Task to complete
Reproduce the data below exactly as written. Pictures do not belong in the copy.

(Dataset excerpts)

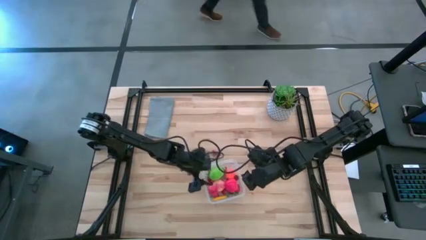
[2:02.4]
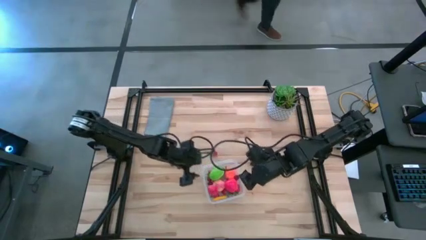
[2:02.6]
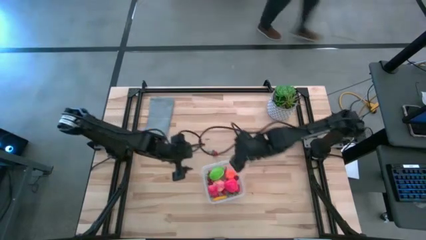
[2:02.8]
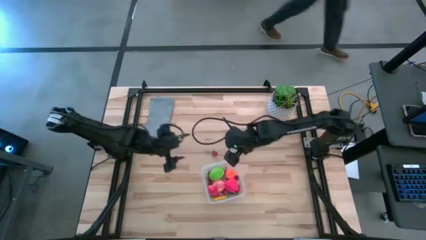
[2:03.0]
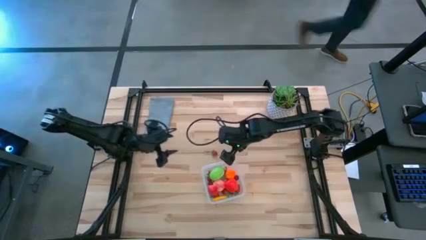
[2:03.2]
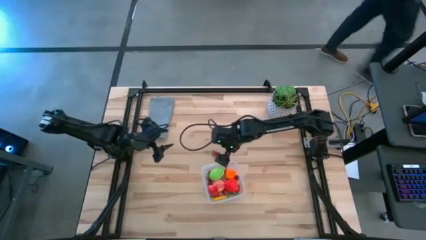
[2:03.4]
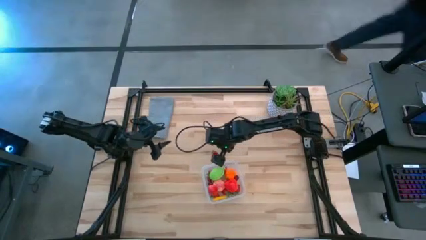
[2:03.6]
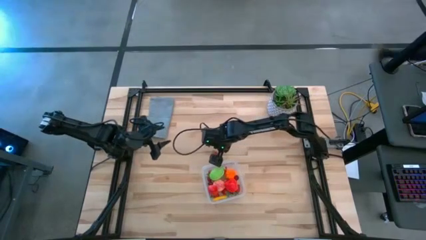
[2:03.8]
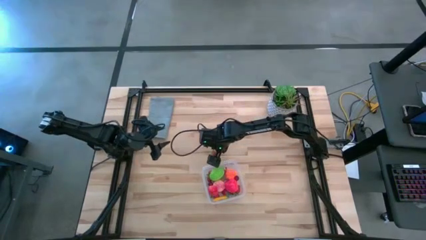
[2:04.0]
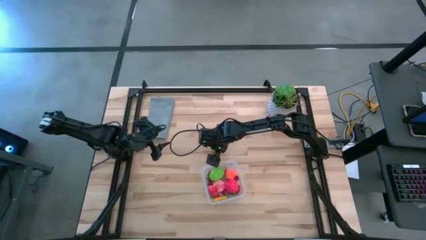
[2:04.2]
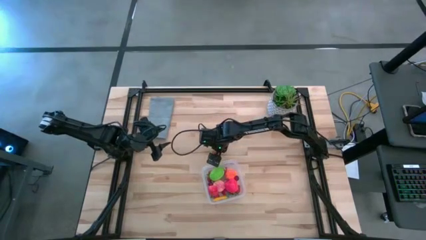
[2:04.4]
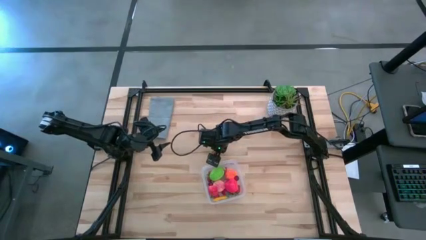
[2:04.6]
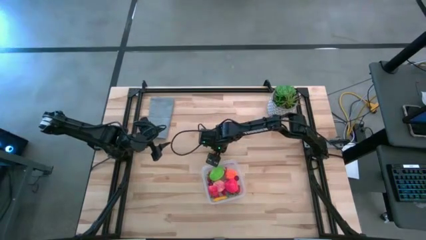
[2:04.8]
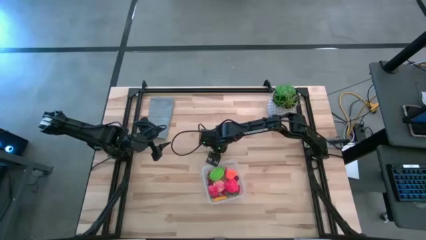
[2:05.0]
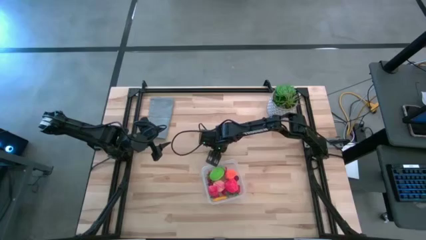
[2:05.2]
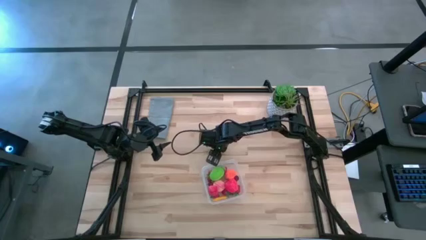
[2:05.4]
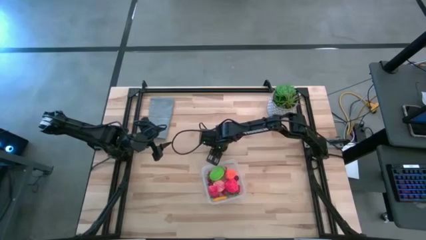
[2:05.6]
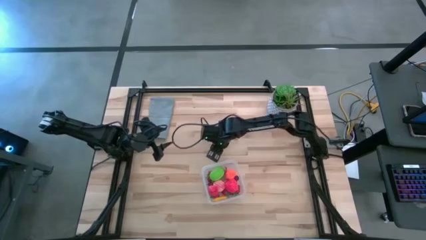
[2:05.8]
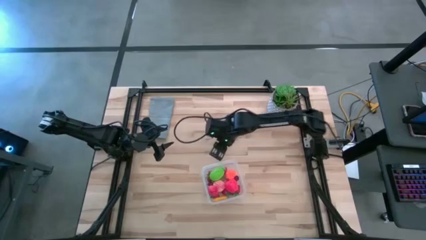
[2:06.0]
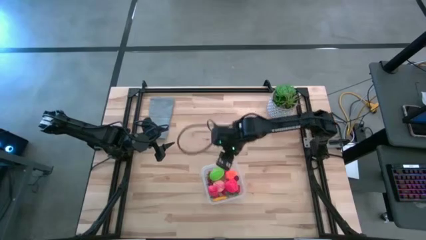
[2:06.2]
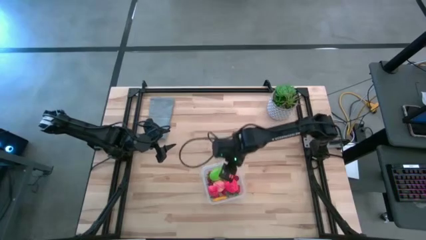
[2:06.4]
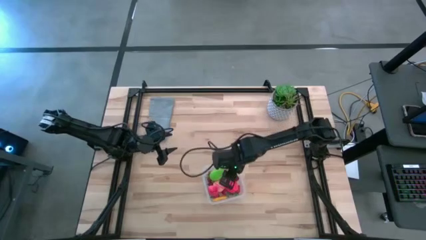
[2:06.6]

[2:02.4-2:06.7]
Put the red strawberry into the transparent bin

Answer for the task
[2:02.4]
[2:02.6]
[2:02.8]
[2:03.0]
[2:03.2]
[2:03.4]
[2:03.6]
[2:03.8]
[2:04.0]
[2:04.2]
[2:04.4]
[2:04.6]
[2:04.8]
[2:05.0]
[2:05.2]
[2:05.4]
[2:05.6]
[2:05.8]
[2:06.0]
[2:06.2]
[2:06.4]
[2:06.6]

[2:02.4-2:06.7]
Put the red strawberry into the transparent bin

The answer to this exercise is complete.